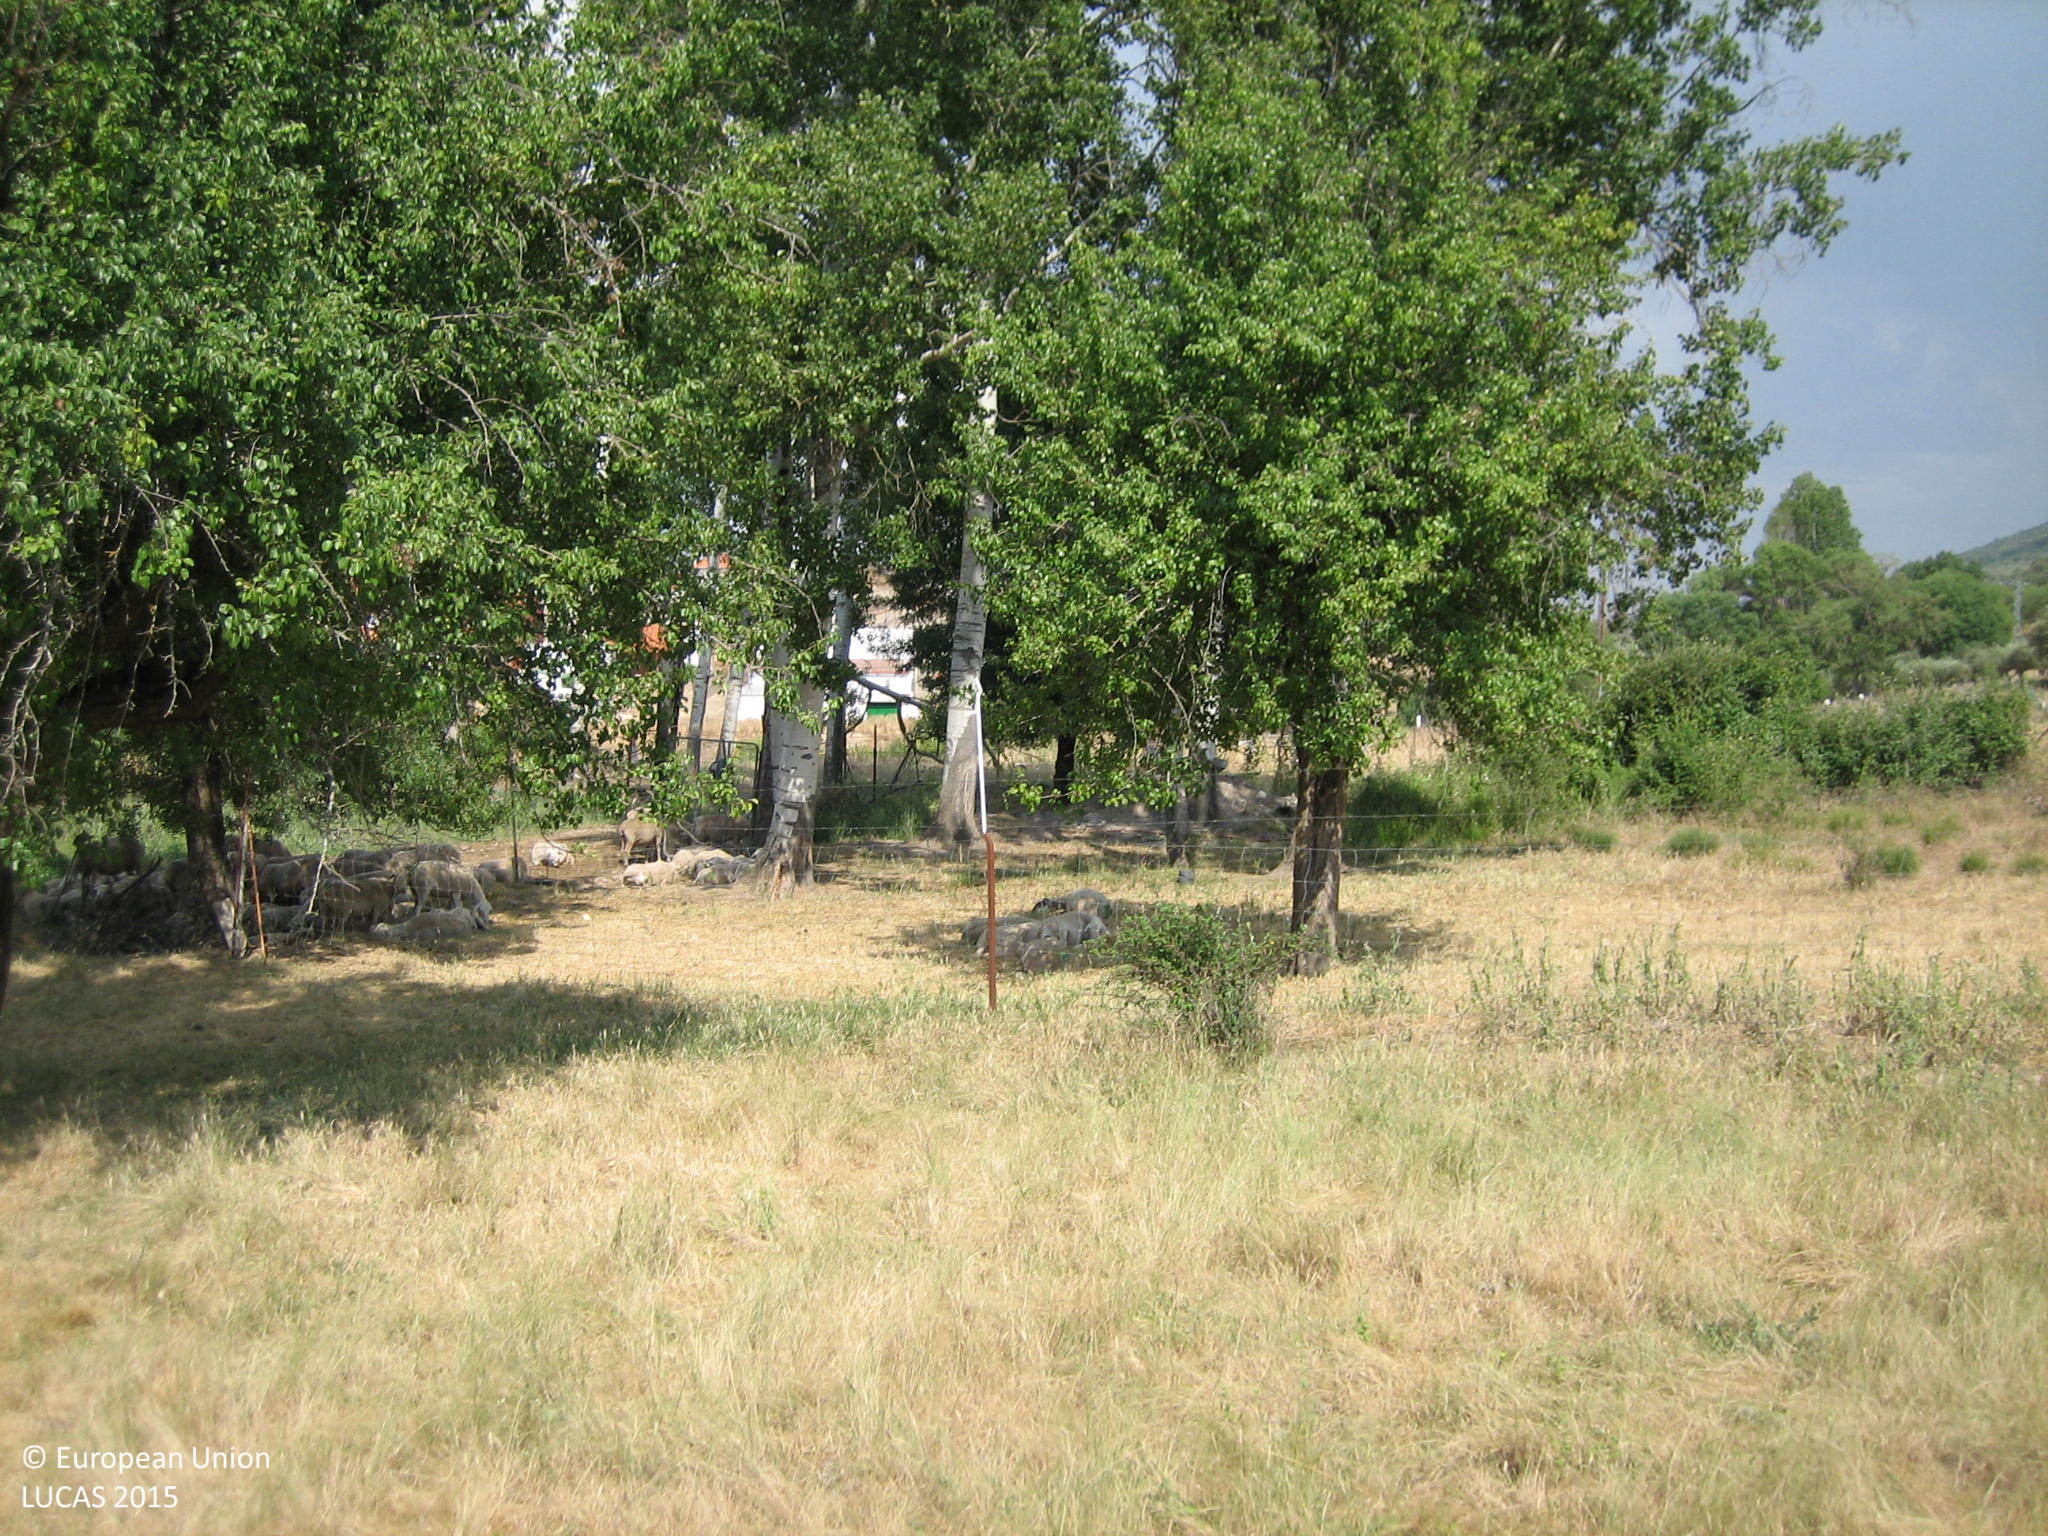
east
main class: Grassland
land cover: Spontaneously vegetated surfaces
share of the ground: > 75 %
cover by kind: herbaceous plants 100 %
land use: Fallow land
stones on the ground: < 10 %
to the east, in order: Spontaneously vegetated surfaces; Fences; Grassland with sparse tree/shrub cover; Fences; Broadleaved woodland; Fences; Spontaneously vegetated surfaces; Fences; Potatoes; Fences; Spontaneously vegetated surfaces; Fences; Spontaneously vegetated surfaces; Fences; Rivers and streams; Grassland without tree/shrub cover; Tracks; Artificial constructions in urban areas
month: June
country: ES
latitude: 39.3245
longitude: -4.7808
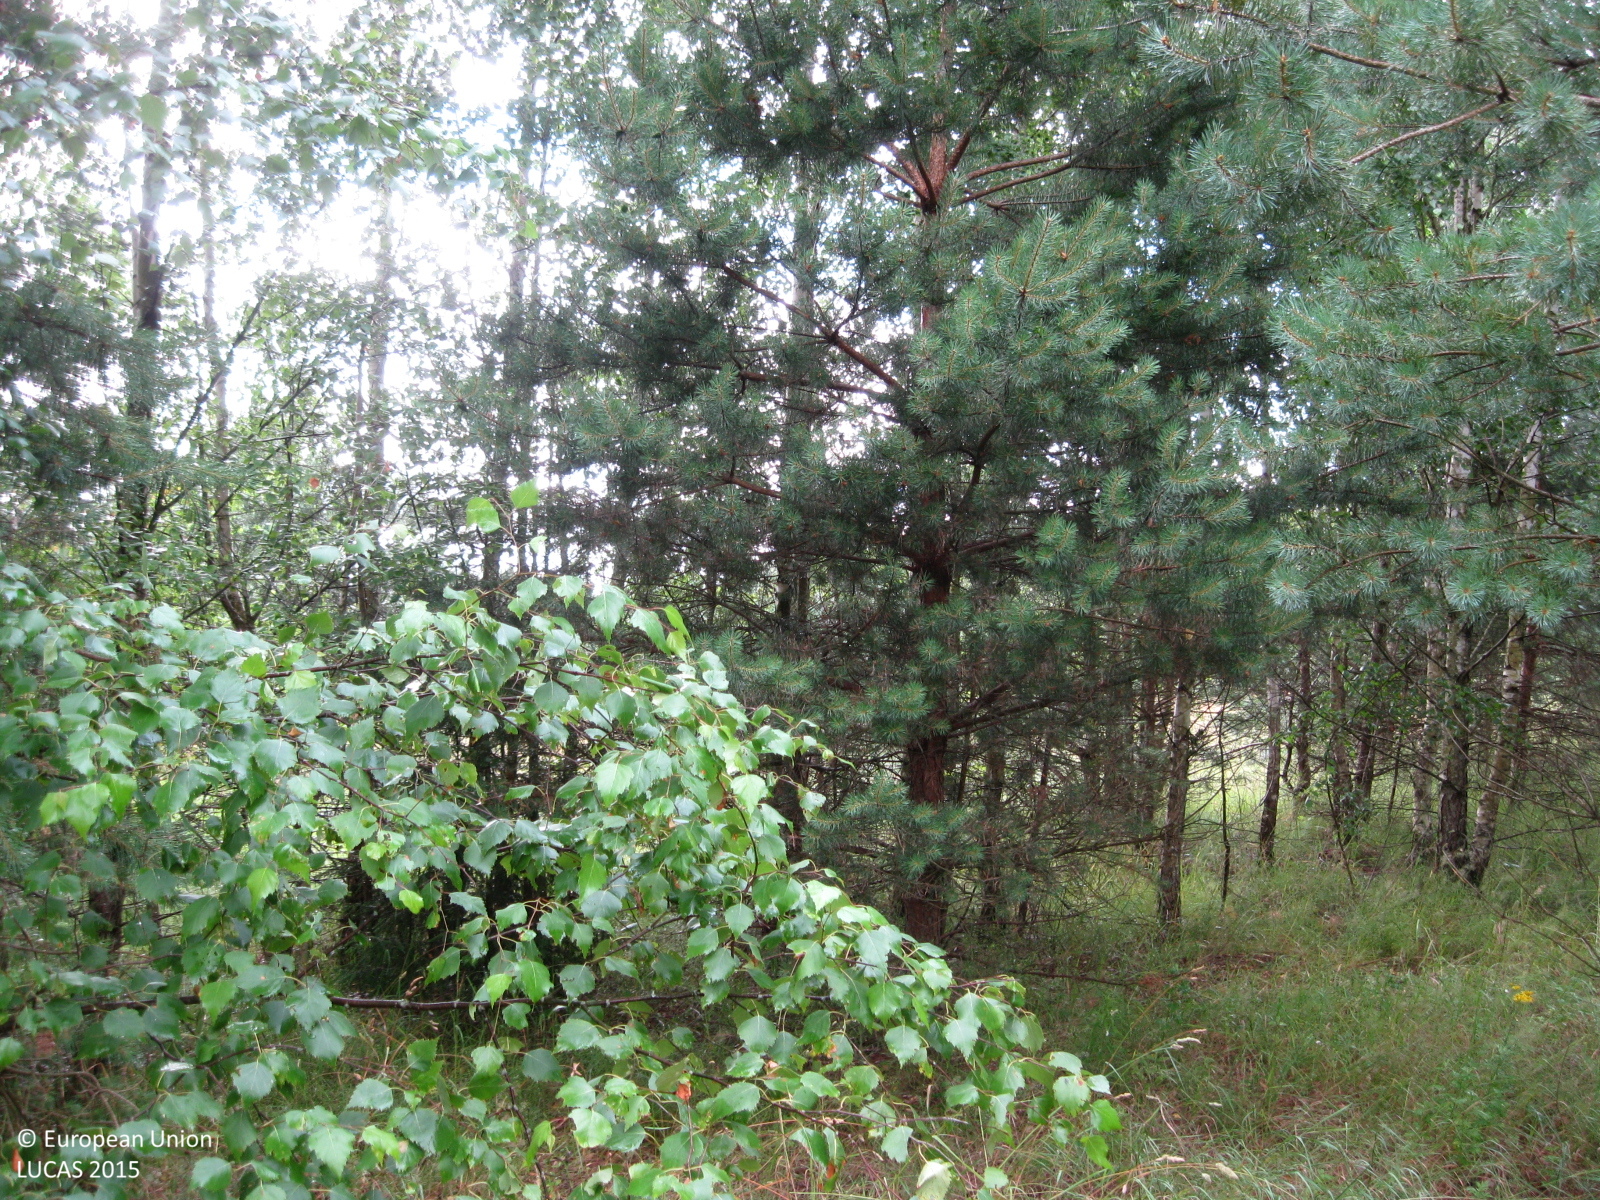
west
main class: Woodland
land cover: Pine dominated mixed woodland
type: hemiboreal forest and nemoral coniferous forest and mixed broadleaved-coniferous forest
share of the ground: 50 - 75 %
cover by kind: herbaceous plants 45 %, coniferous forest trees 35 %, broadleaved forest trees 20 %
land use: Forestry
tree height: > 5 m
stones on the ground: < 10 %
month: July
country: LT
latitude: 55.7503
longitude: 24.7463

Goal of the exercise
Within these entries, output exactly the lines starting at the one with "cover by kind: herbaceous plants 100 %" and finishing at the one with "cover by kind: herbaceous plants 45". Leave pictures out of the output.

Answer to this problem
cover by kind: herbaceous plants 100 %
land use: Fallow land
stones on the ground: < 10 %
to the east, in order: Spontaneously vegetated surfaces; Fences; Grassland with sparse tree/shrub cover; Fences; Broadleaved woodland; Fences; Spontaneously vegetated surfaces; Fences; Potatoes; Fences; Spontaneously vegetated surfaces; Fences; Spontaneously vegetated surfaces; Fences; Rivers and streams; Grassland without tree/shrub cover; Tracks; Artificial constructions in urban areas
month: June
country: ES
latitude: 39.3245
longitude: -4.7808
west
main class: Woodland
land cover: Pine dominated mixed woodland
type: hemiboreal forest and nemoral coniferous forest and mixed broadleaved-coniferous forest
share of the ground: 50 - 75 %
cover by kind: herbaceous plants 45 %, coniferous forest trees 35 %, broadleaved forest trees 20 %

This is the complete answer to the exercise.